## Excerpts from a dataset
↓

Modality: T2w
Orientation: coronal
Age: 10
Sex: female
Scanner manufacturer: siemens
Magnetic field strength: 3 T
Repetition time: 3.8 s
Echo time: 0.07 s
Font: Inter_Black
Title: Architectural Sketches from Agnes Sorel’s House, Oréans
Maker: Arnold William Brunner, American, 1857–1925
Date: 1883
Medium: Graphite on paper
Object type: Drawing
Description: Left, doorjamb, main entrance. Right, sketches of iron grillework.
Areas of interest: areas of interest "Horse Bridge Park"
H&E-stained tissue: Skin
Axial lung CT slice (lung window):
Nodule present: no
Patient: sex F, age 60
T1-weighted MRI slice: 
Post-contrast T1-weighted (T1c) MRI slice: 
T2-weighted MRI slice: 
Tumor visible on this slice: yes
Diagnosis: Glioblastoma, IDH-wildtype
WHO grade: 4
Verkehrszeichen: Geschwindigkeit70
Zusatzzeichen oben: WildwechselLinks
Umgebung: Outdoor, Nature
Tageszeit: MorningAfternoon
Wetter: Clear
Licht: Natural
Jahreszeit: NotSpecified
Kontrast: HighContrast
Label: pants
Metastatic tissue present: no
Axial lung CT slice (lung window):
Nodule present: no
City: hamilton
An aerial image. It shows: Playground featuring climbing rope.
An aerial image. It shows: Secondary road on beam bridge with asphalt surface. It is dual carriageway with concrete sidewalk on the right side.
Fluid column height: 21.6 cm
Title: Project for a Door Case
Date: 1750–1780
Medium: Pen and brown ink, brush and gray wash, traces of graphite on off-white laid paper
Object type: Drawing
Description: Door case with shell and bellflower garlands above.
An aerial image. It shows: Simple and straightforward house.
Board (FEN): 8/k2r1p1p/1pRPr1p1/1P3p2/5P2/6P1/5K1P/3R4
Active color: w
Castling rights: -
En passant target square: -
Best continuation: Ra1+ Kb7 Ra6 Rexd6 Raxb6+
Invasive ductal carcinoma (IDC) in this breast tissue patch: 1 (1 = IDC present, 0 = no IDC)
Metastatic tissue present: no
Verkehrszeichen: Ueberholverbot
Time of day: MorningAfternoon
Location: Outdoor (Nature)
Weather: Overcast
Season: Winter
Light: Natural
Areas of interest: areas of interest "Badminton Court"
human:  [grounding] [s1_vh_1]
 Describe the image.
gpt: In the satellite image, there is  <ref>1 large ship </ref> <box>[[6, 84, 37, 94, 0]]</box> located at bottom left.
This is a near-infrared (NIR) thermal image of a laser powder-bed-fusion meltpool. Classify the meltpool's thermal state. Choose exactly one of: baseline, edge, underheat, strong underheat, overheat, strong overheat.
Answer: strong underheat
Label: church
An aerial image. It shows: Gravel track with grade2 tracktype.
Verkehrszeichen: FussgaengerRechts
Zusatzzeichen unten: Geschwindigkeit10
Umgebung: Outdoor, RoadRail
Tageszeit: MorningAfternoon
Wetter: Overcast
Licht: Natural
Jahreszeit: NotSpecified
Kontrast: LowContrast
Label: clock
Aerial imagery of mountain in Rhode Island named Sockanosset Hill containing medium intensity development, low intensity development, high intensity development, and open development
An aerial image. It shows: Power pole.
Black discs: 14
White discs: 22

↑

## Work instruction
Only the lines from the one that contains "Season: Winter" to the end of the entries above should be given again, exactly and in full.

## Answer space
Season: Winter
Light: Natural
Areas of interest: areas of interest "Badminton Court"
human:  [grounding] [s1_vh_1]
 Describe the image.
gpt: In the satellite image, there is  <ref>1 large ship </ref> <box>[[6, 84, 37, 94, 0]]</box> located at bottom left.
This is a near-infrared (NIR) thermal image of a laser powder-bed-fusion meltpool. Classify the meltpool's thermal state. Choose exactly one of: baseline, edge, underheat, strong underheat, overheat, strong overheat.
Answer: strong underheat
Label: church
An aerial image. It shows: Gravel track with grade2 tracktype.
Verkehrszeichen: FussgaengerRechts
Zusatzzeichen unten: Geschwindigkeit10
Umgebung: Outdoor, RoadRail
Tageszeit: MorningAfternoon
Wetter: Overcast
Licht: Natural
Jahreszeit: NotSpecified
Kontrast: LowContrast
Label: clock
Aerial imagery of mountain in Rhode Island named Sockanosset Hill containing medium intensity development, low intensity development, high intensity development, and open development
An aerial image. It shows: Power pole.
Black discs: 14
White discs: 22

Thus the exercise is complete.